Comment adaptes-tu tes programmes aux spécificités de notre sport ?
"C’est dur de synthétiser ça ! En off-skate, comme dit un peu plus haut : entretenir son cardio (autant le foncier que le fractionné), la proprioception (tous les exercices sur 1 pied ou surface instable sont supers pour renforcer les chevilles et améliorer l’équilibre). L’agilité, la vitesse, l’explosivité… la réactivité aussi… Gros travail sur toute la sangle abdominale, hyper important pour être solide, protéger son dos, impacter et prendre les impacts. Tout est à travailler ! Pleins d’activités sont complémentaires : la natation, le vélo, la boxe, la musculation, le crossfit, cross training… Il y a de quoi faire !"
Et comment t'adaptes-tu aux spécificités individuelles, aux joueuses et aux joueurs en situation de handicaps physiques et/ou mentaux et/ou blessés?

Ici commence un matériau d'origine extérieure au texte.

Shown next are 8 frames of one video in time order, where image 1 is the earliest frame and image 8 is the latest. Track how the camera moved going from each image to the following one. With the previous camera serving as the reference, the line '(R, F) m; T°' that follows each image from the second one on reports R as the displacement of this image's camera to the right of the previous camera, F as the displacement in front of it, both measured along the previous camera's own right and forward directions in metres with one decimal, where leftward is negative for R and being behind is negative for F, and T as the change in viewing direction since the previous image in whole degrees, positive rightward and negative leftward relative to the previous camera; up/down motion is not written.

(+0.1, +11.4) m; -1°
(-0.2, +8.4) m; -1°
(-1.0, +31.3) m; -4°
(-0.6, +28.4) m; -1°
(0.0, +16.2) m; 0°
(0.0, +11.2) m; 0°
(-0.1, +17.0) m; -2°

"Je prends l’exemple de Cass’Burn que j’ai en coaching individuel. Saison difficile avec grosse entorse. Pour maintenir une certaine forme sans faire intervenir la cheville, on s’est concentrées sur le haut du corps. Pour tout ce qui concerne la rééducation, je laisse son Kiné gérer, chacun son métier ! Au fur et à mesure, on a pu solliciter la cheville un peu plus, en écoutant au maximum le corps. Les enjeux sont gros, pour elle c’est très important de pouvoir patiner, de ne pas se re-blesser, de s’entraîner avec son équipe et l’équipe de France… Face à des blessures ou handicaps, on adapte ! Je m’assure que la reprise soit validée par le médecin, le kiné et j’adapte. Ça me pousse à faire des recherches pour ne pas faire n’importe quoi et permettre à la personne d’avoir une reprise sereine."

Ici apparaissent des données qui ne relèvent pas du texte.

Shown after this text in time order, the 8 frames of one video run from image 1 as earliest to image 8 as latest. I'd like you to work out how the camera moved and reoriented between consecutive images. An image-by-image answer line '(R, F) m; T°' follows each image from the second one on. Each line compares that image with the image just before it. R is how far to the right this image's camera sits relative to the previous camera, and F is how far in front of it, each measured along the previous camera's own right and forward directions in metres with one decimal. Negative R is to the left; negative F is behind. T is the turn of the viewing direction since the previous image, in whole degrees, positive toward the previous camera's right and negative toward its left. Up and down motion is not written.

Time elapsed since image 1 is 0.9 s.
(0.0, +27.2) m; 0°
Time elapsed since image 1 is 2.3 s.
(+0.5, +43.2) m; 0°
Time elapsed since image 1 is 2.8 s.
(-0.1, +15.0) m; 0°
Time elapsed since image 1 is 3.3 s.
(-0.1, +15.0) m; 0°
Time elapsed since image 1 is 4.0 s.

Et quels sont les écueils à ne pas commettre quand on gère sa propre préparation physique un peu "à sa sauce" et sans aucune formation ? Faut-il faire attention aux vidéos amateures qui circulent sur les réseaux ?

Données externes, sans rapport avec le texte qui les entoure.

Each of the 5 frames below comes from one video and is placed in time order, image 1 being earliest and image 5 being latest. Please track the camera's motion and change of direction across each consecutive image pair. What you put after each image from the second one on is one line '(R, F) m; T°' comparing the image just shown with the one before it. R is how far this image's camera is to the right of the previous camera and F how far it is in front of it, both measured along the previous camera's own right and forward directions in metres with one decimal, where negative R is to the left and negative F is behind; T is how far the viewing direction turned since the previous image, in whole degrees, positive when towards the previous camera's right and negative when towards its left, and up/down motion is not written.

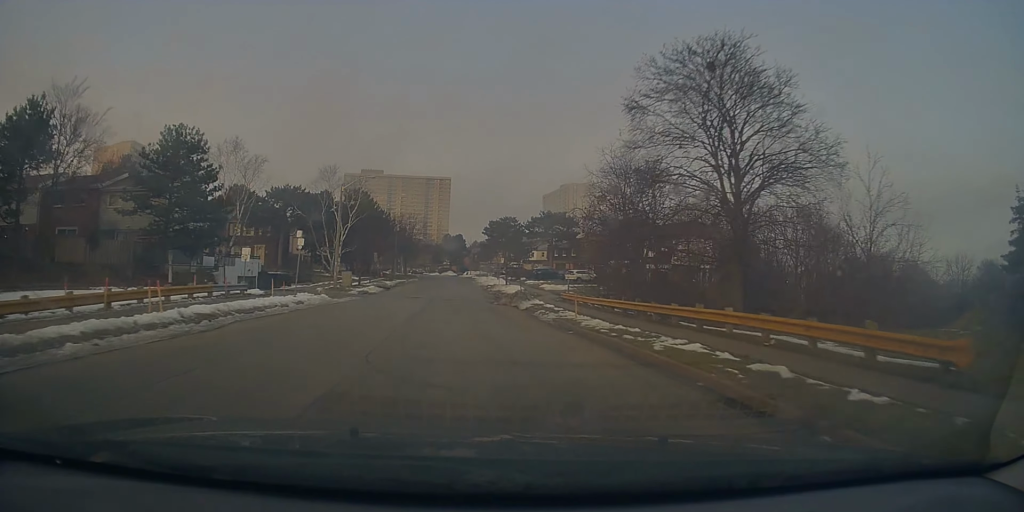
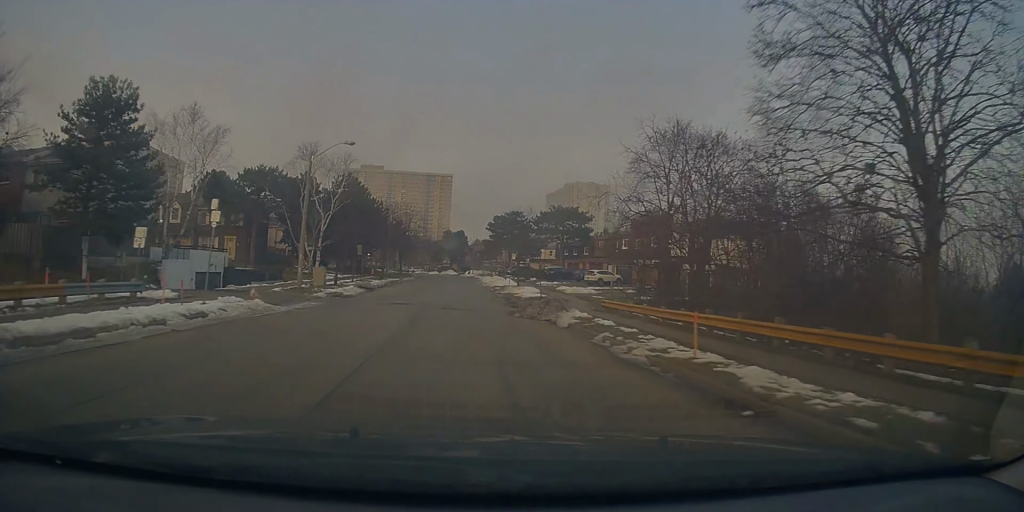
(0.0, +9.8) m; 0°
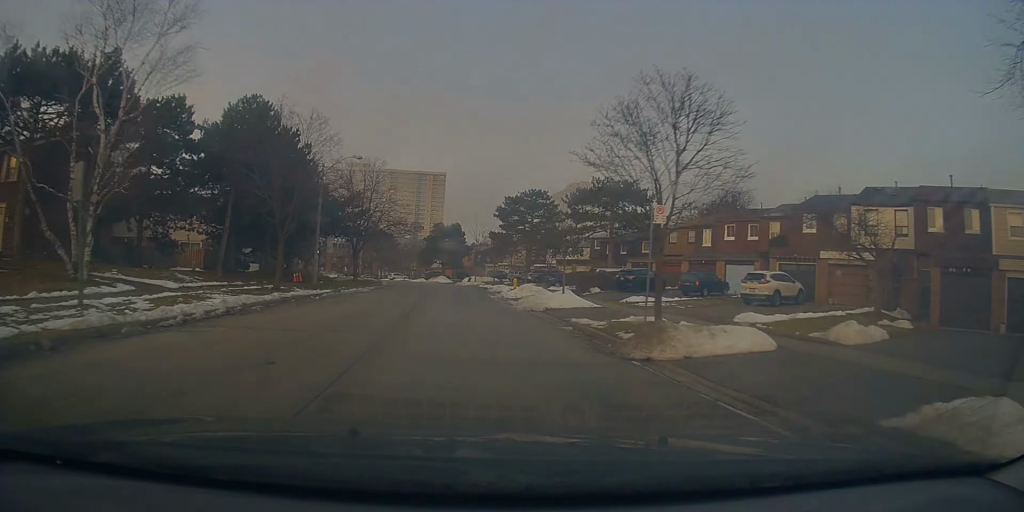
(-0.7, +34.5) m; -2°
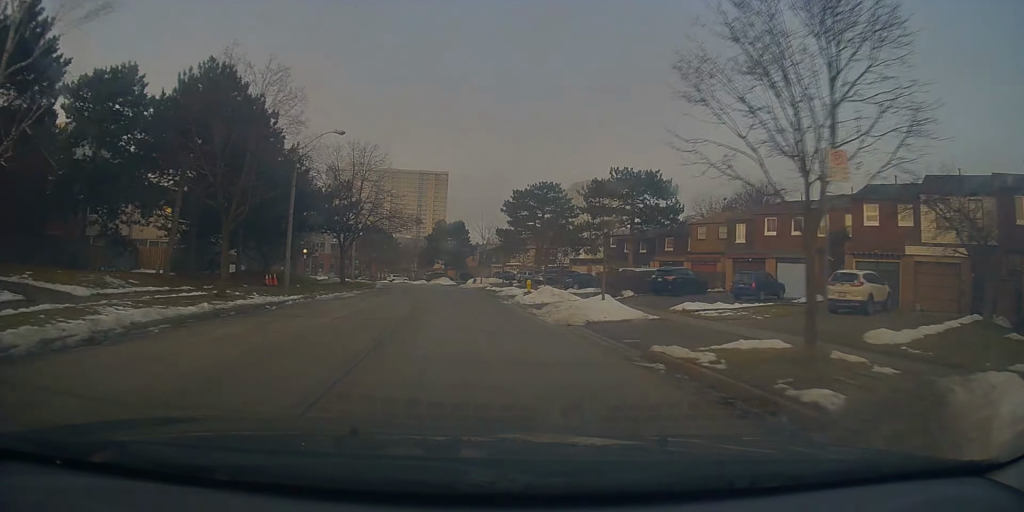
(+0.2, +6.8) m; 0°
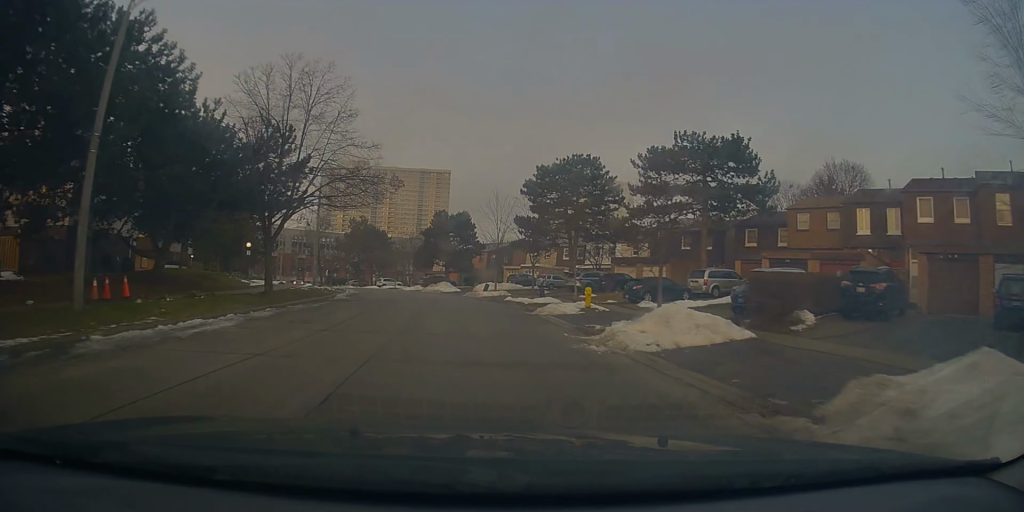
(-0.3, +17.7) m; 0°

"D’un côté, la prépa me semble prioritaire quand on débute en roller derby. On voit beaucoup de personnes se lancer dans ce sport sans avoir eu d’entretien physique avant. Ça aide à progresser mais surtout à limiter les blessures. À l’inverse, il faut veiller à ne pas trop en faire ! Se retrouver en surentraînement n’est pas bon : ni pour le corps, ni pour la tête ! Ça augmente les risques de blessures et c’est contre-performant. C’est important de faire des pauses ! N’oublions pas de nous étirer régulièrement non plus! Et oui bien sûr il faut toujours faire attention ! Même dans les vidéos que je propose où les mouvements ne sont pas toujours d’un niveau débutant. C’est pas le tout de regarder et vouloir faire. Il faut pouvoir le faire correctement. Ce n’est pas un problème de s’entraîner par soi-même si on a des connaissances, si on sait comment se placer, si on adapte à son niveau.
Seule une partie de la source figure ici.